DOI, short for Digital Object Identifier, is a type of unique identifier most frequently used to identify academic journal articles, but which can also be used for other “digital objects”, including data sets as well as, for example, official publications of the European Union. It is designed to be more permanent than a URL, since internet locations may change over time as journals or their publishers change names. They can look like
doi:NNNN.MM/XXX
whereNNNN
,MM
, andXXX
are numbers; they can also be formatted ashttps://doi.org/NNNN.MM/XXX
. The latter can be entered into a browser, anddoi.org
will always redirect to the current location of the object.

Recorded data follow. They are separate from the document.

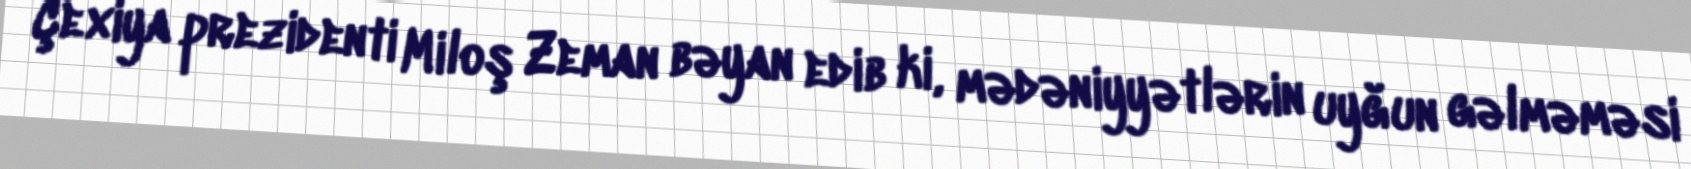
Çexiya prezidenti Miloş Zeman bəyan edib ki, mədəniyyətlərin uyğun gəlməməsi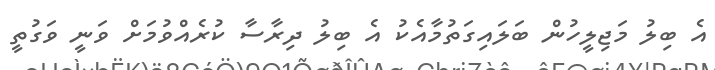
އެ ބިލު މަޖިލީހުން ބަލައިގަތުމާއެކު އެ ބިލު ދިރާސާ ކުރެއްވުމަށް ވަނީ ވަގުތީ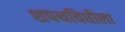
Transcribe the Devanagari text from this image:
शपथविधीला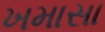
ખમાસા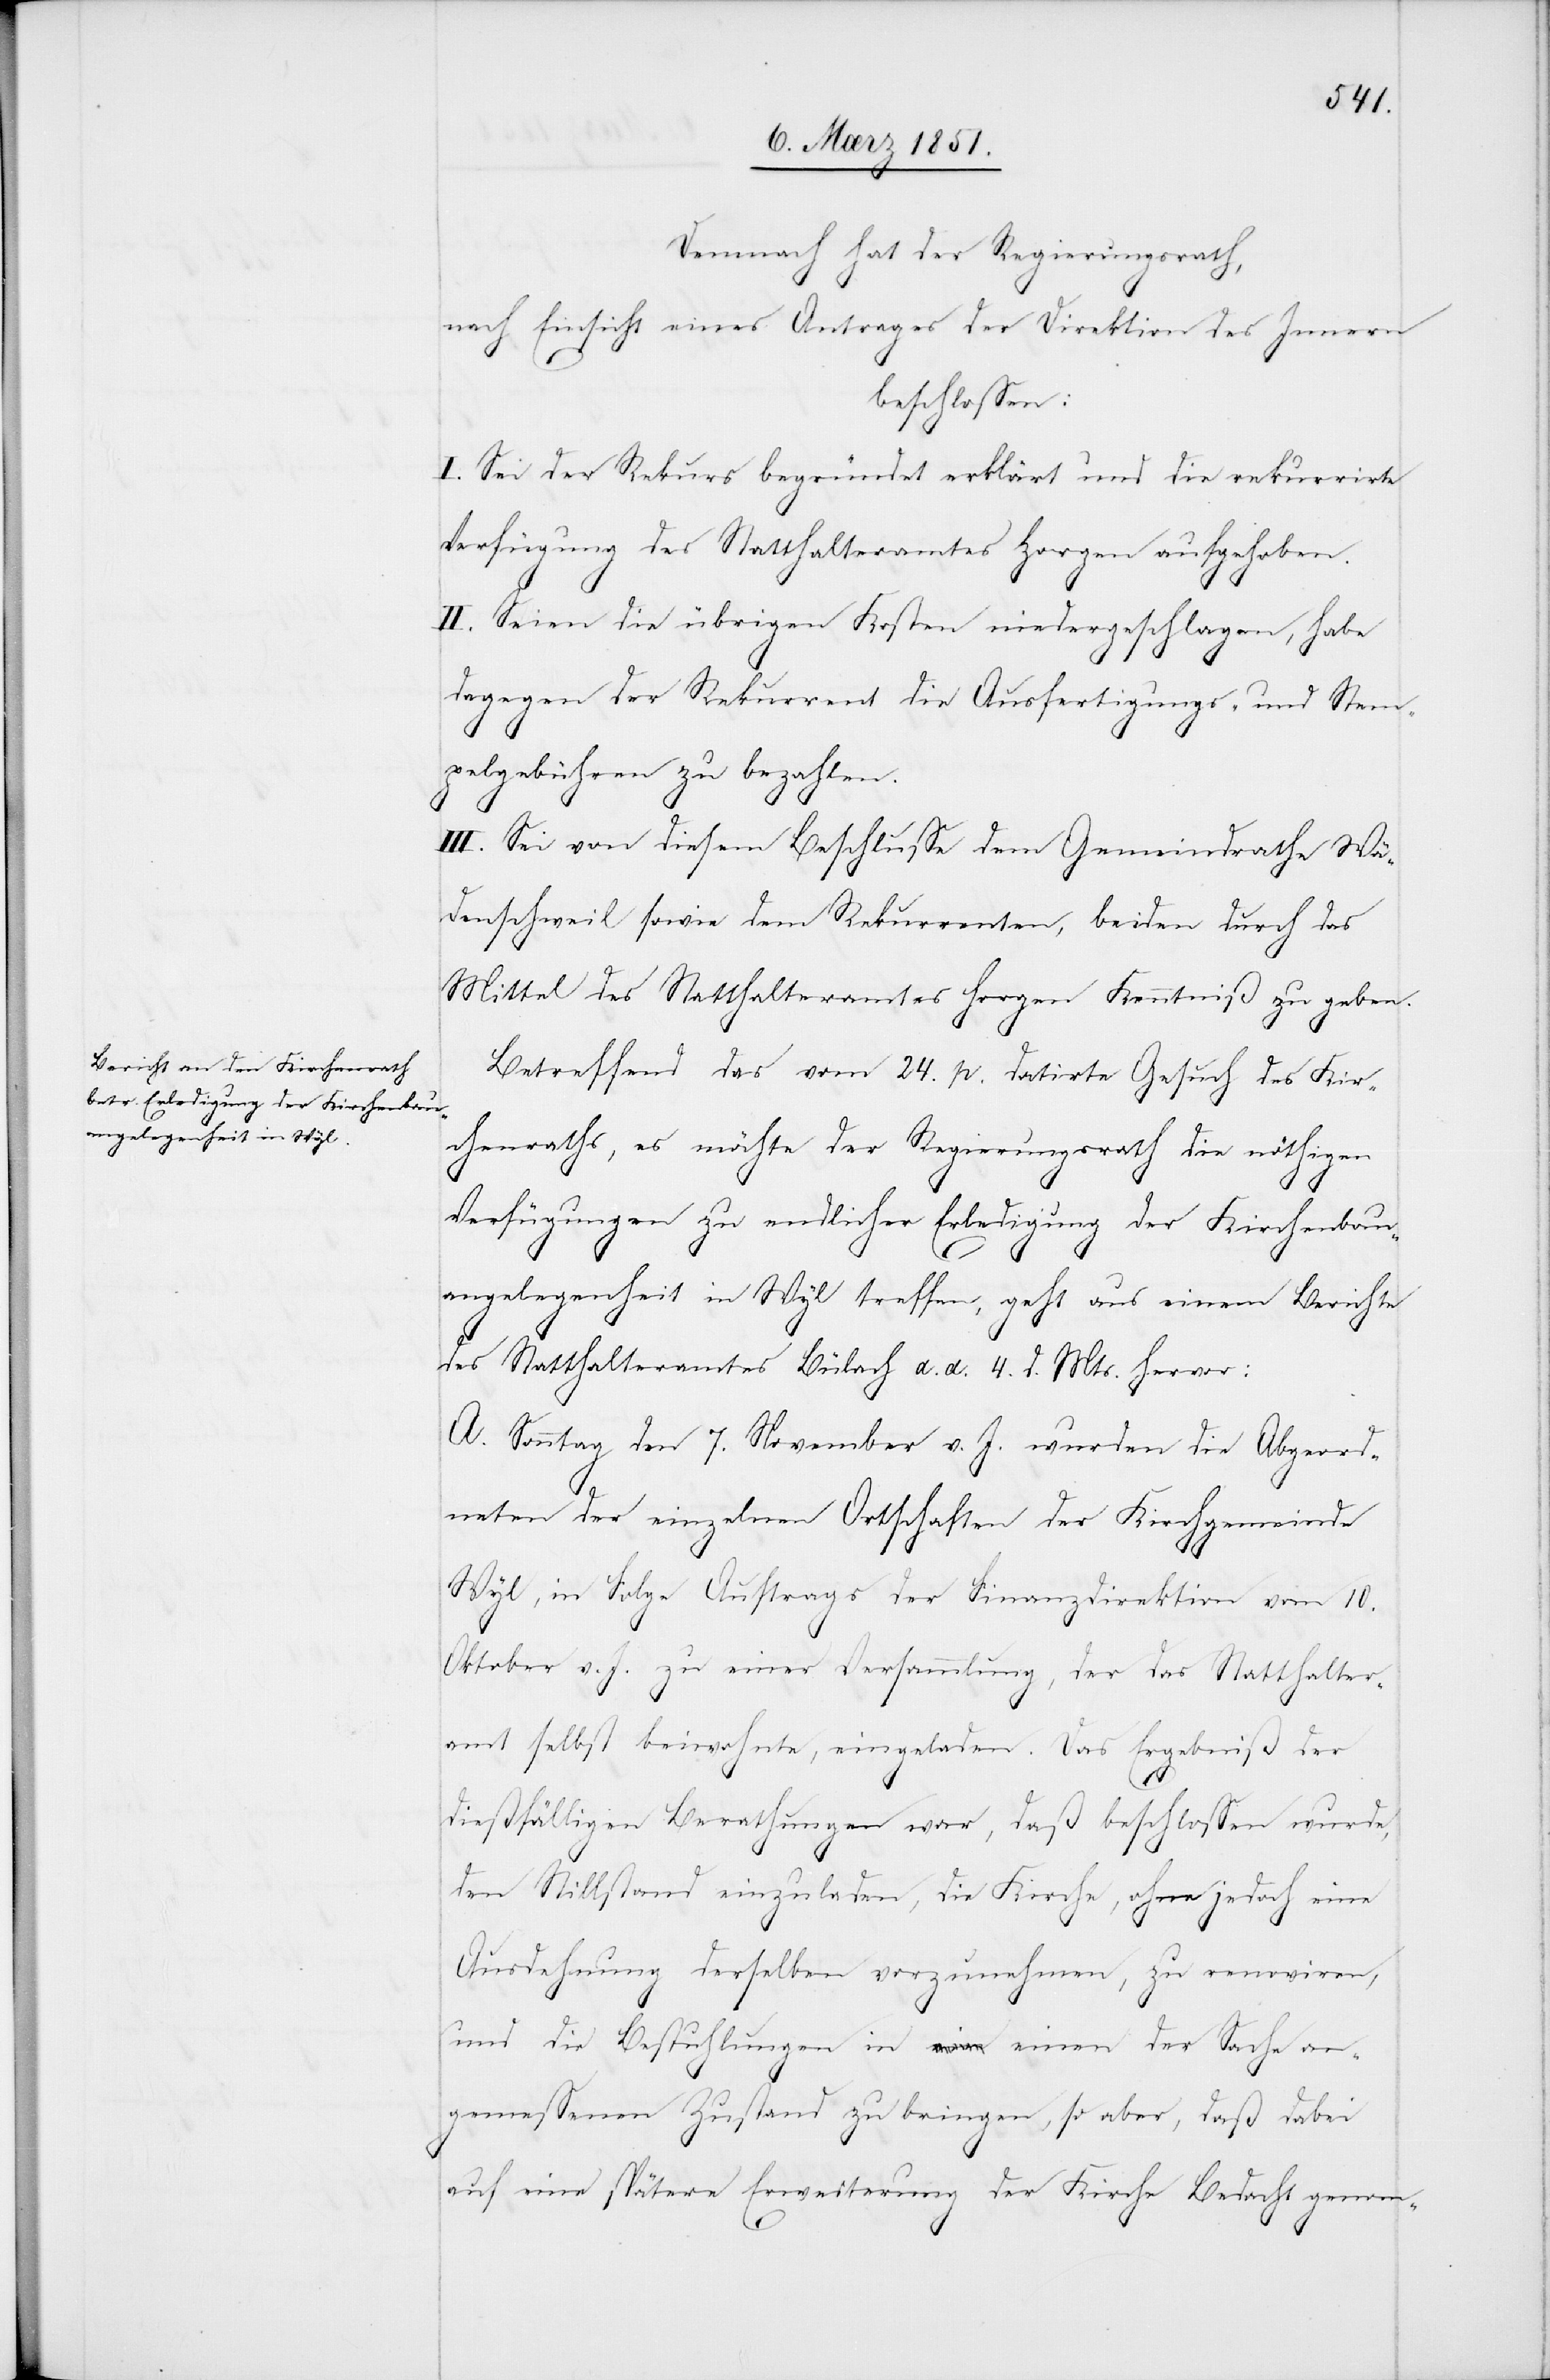
Demnach hat der Regierungsrath,
nach Einsicht eines Antrages der Direktion des Innern
beschlossen:
I. Sei der Rekurs begründet erklärt und die rekurrirte
Verfügung des Statthalteramtes Horgen aufgehoben.
II. Seien die übrigen Kosten niedergeschlagen, habe
dagegen der Rekurrent die Ausfertigungs- und Stem¬
pelgebühren zu bezahlen.
III. Sei von diesem Beschlusse dem Gemeindrathe Wä¬
denschweil sowie dem Rekurrenten, beiden durch das
Mittel des Statthalteramtes Horgen Kenntniß zu geben.
Betreffend das vom 24. p. datirte Gesuch des Kir¬
chenraths, es möchte der Regierungsrath die nöthigen
Verfügungen zu endlicher Erledigung der Kirchenbauan¬
gelegenheit in Wyl treffen, geht aus einem Berichte
des Statthalteramtes Bülach d. d. 4. d. Mts. hervor:
A. Sonntag den 7. November v. J. wurden die Abgeord¬
neten der einzelnen Ortschaften der Kirchgemeinde
Wyl, in Folge Auftrags der Finanzdirektion vom 10.
Oktober v. J. zu einer Versammlung, der das Statthalter¬
amt selbst beiwohnte, eingeladen. Das Ergebniß der
dießfälligen Berathungen war, daß beschlossen wurde,
den Stillstand einzuladen, die Kirche, ohne jedoch eine
Ausdehnung derselben vorzunehmen, zu renoviren,
und die Bestuhlungen in einen der Sache an¬
gemessenen Zustand zu bringen, so aber, daß dabei
auf eine spätere Erweiterung der Kirche Bedacht genom-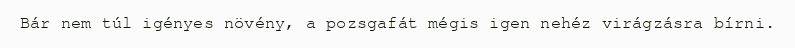
Bár nem túl igényes növény, a pozsgafát mégis igen nehéz virágzásra bírni.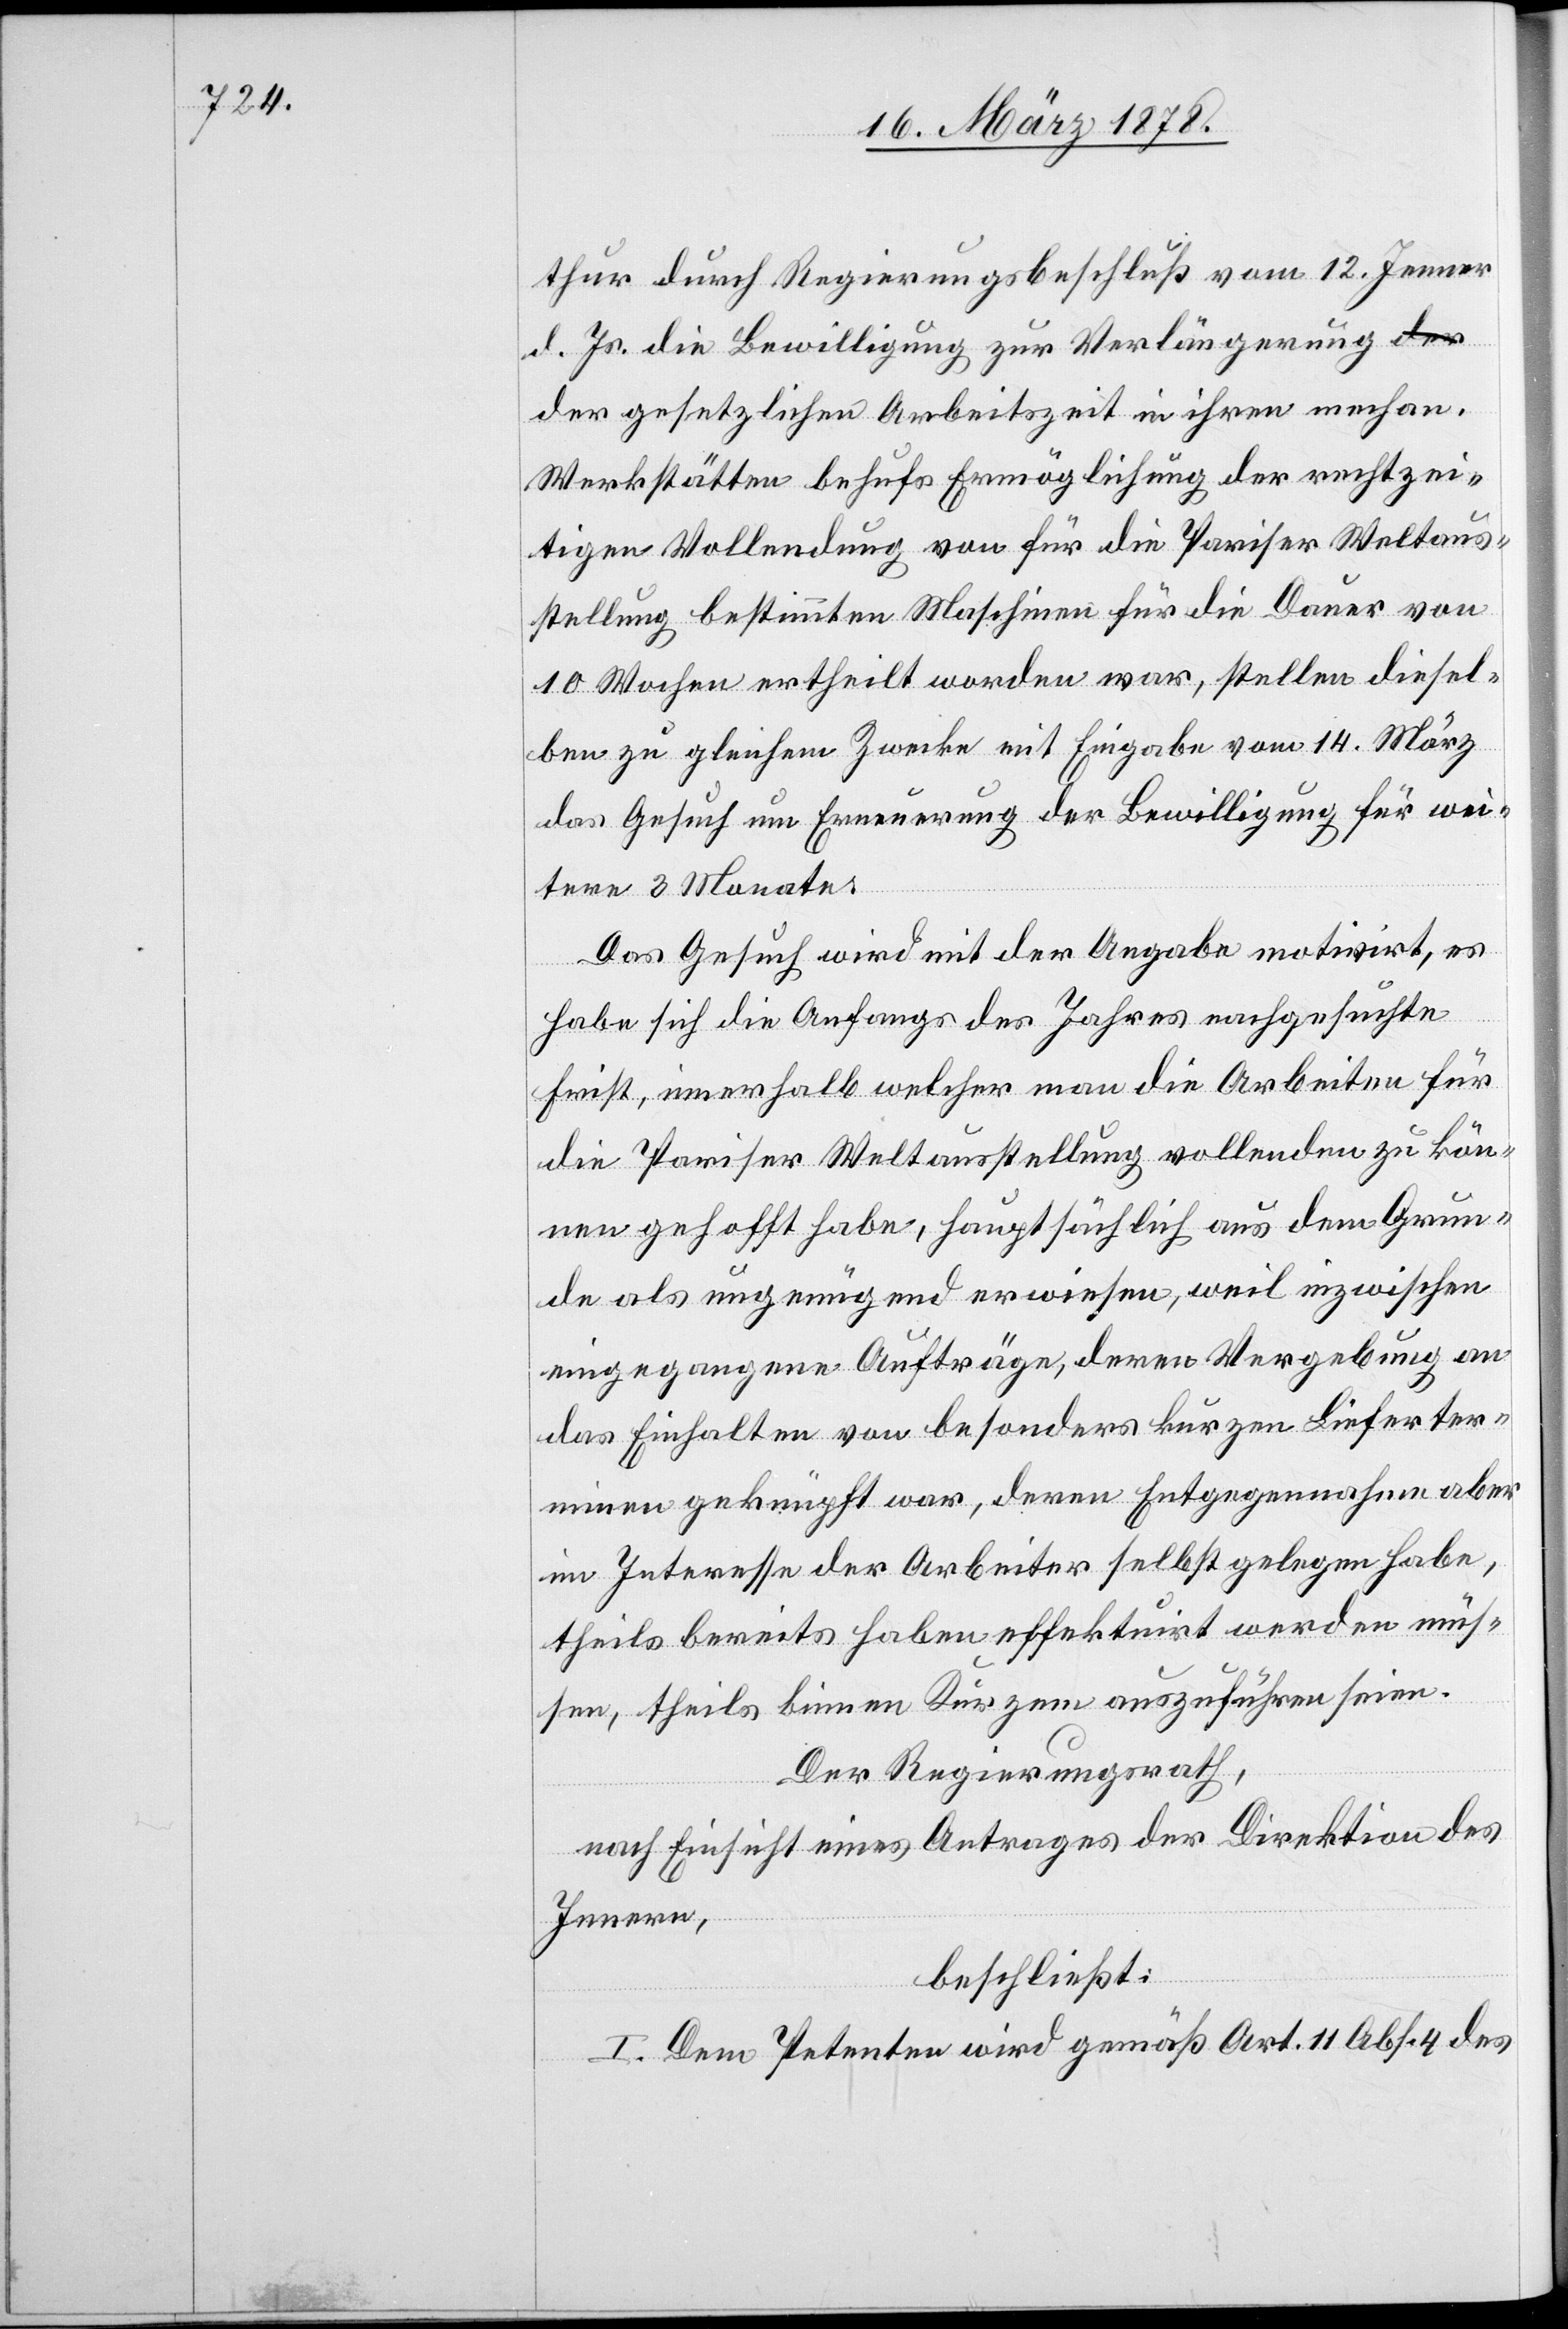
thur durch Regierungsbeschluß vom 12. Jenner
d. Js. die Bewilligung zur Verlängerung d¬
er gesetzlichen Arbeitszeit in ihren mechanischen
Werkstätten behufs Ermöglichung der rechtzei¬
tigen Vollendung von für die Pariser Weltaus¬
stellung bestimmten Maschinen für die Dauer von
10 Wochen ertheilt worden war, stellen diesel¬
ben zu gleichem Zwecke mit Eingabe vom 14. März
das Gesuch um Erneuerung der Bewilligung für wei¬
tere 3 Monate:
Das Gesuch wird mit der Angabe motivirt, es
habe sich die Anfangs des Jahres nachgesuchte
Frist, innerhalb welcher man die Arbeiten für
die Pariser Weltausstellung vollenden zu kön¬
nen gehofft habe, hauptsächlich aus dem Grun¬
de als ungenügend erwiesen, weil inzwischen
eingegangene Aufträge, deren Vergebung an
das Einhalten von besonders kurzen Lieferter¬
minen geknüpft war, deren Entgegennahme aber
im Interesse der Arbeiter selbst gelegen habe,
theils bereits haben effektuirt werden müs¬
sen, theils binnen Kurzem auszuführen seien.
Der Regierungsrath,
nach Einsicht eines Antrages der Direktion des
Innern,
beschließt:
I. Dem Petenten wird gemäß Art. 11 Abs. 4 des

Publish in a data repository
One good option for publishing code is to use a data repository. There is a wide range of data repositories available, many of which are specialist towards particular disciplines. Many potential venues for publishing software (and many other digital services to enable open science) can be searched at the European Open Science Cloud. It’s also possible that your institution hosts its own data repository, and/or mandates a specific one. Your institution’s Open Research or Open Data policy, if it has one, should have more detail on this.
Today we’ll look at a general-purpose data repository called Zenodo. Zenodo is hosted by CERN (the European Centre for Nuclear Research in Geneva), and is part of the same infrastructure that manages the collossal amounts of data generated by the Large Hadron Collider. The computing resources supporting it have operational plans and budgets reaching decades into the future, which is about as long-term as any services currently operate on.
Keep your tests separate from your real data
Because Zenodo is designed to keep research data safe for the long term, it’s not a good idea to upload test or toy data to it. For that reason, for this lesson we’ll be using the “sandbox” version of Zenodo. This behaves exactly like the real version, but is regularly purged of new datasets, and isn’t where you should publish your actual research outputs! Remember to go to the real Zenodo once you’re ready to publish your research.
To publish on Zenodo (and Zenodo Sandbox), we first need to create an account.
While this can be done manually, the quickest way for our purposes is to log in using GitHub. This will connect our GitHub account with our Zenodo account. If you have one, you can also link your ORCID to your Zenodo account, so that your publications on Zenodo are easier to tie back to your work in other venues.
Once we are signed up and logged into Zenodo (Sandbox), we can use the drop-down next to our email address at the top-right to select the GitHub option.
This gives us a
three-step process to publish our repository to Zenodo. Firstly, out of the list of
repositories presented (found from our GitHub account), we choose which we want to publish
to Zenodo. Let’s do that now for the zipf
repository.
Once this is done, we need to create a “release” of our code on GitHub.
To do this, we can click through from the repository home page to the Releases page, and from there click the “Create a new release” button.
The form to create a new release requests some information
- Choose a tag: If you use tags in your repository, you can choose which tagged commit should be released. If not, then GitHub can automatically create a tag for you when you publish the release—type the name you want the tag to have in this box. This will frequently be the same as the release name.
- Target: this should be the branch that you are releasing from. This will most likely
be the
main
branch. - Release title: This should be a version name for the particular release. This is
designed for software that gets regular releases, or at least more than one in its
lifetime. For a piece of data analysis code that is specific to one publication, it
is enough to use
v1.0.0
here. - Describe the release: Some more discussion of the release can in principle go here. Note that this is describing the release, not the code—the code (and underlying research) should be discussed in the README. This is again more useful when you are releasing multiple times; each release should use the description to outline the changes included since the previous release.
- Attach binaries: We can ignore this; if we were publishing software written in a language like C or Fortran, and that we wanted others to be able to install, we could attach the compiled versions of the program here.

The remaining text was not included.